# Hidden Markov model 

In [23]:
from miditoolkit import MidiFile, Instrument, Note

import os
import json
from glob import glob
from collections import Counter, defaultdict

from hmmlearn import hmm
import numpy as np
import random

# MIDI file characteristics

In [24]:
mid_fps = glob('nesmdb_midi/train/*')
print("Number of train files", len(mid_fps))

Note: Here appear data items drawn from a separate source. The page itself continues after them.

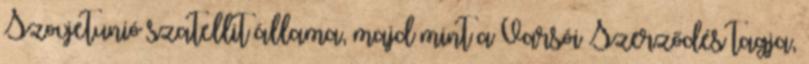
Szovjetunió szatellit állama, majd mint a Varsói Szerződés tagja,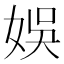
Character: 娛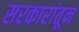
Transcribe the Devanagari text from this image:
सरकारांतून
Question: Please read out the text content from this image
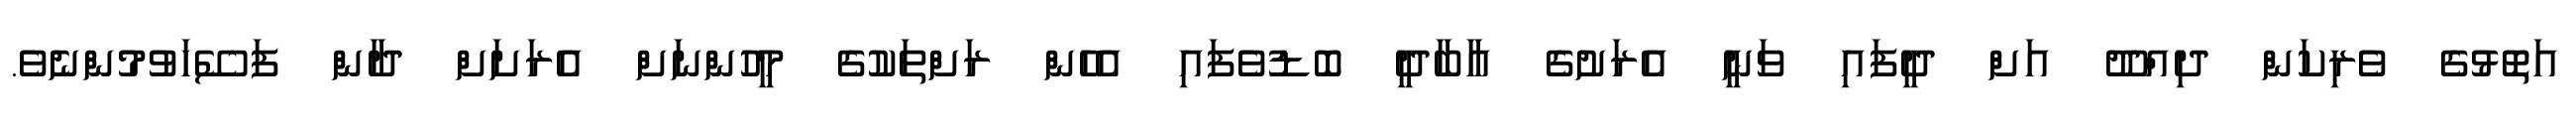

Number of train files 4502


In [25]:
midi = MidiFile(mid_fps[10])
print(midi, '\n')
for i in range(len(midi.instruments)):
    print(midi.instruments[i])
    print(midi.instruments[i].notes[:5], '\n')

ticks per beat: 22050
max tick: 528334
tempo changes: 1
time sig: 2
key sig: 0
markers: 0
lyrics: False
instruments: 4 

Instrument(program=80, is_drum=False, name=p1) - 61 notes
[Note(velocity=5, pitch=50, start=21, end=2926), Note(velocity=5, pitch=52, start=4402, end=7330), Note(velocity=5, pitch=53, start=8804, end=11719), Note(velocity=5, pitch=52, start=13195, end=16123), Note(velocity=5, pitch=43, start=17603, end=20525)] 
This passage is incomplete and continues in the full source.